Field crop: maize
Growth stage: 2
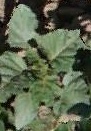
Species: datura
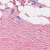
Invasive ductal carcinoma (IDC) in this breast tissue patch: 0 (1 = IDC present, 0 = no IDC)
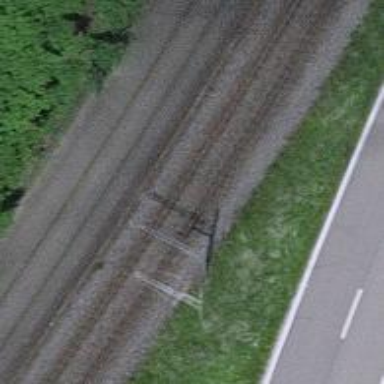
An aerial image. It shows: Single-track railway with electrified contact lines.
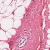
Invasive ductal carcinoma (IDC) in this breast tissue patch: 0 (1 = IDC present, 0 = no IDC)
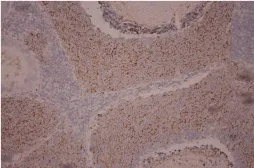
Chromogranin A.
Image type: pathology (immunostaining)

• **Task goal**
Each line from the one containing "An aerial image." through the end of the listing is to be set down exactly, with all pictures left out.

• **Solution to the problem**
An aerial image. It shows: Single-track railway with electrified contact lines.
Invasive ductal carcinoma (IDC) in this breast tissue patch: 0 (1 = IDC present, 0 = no IDC)
Chromogranin A.
Image type: pathology (immunostaining)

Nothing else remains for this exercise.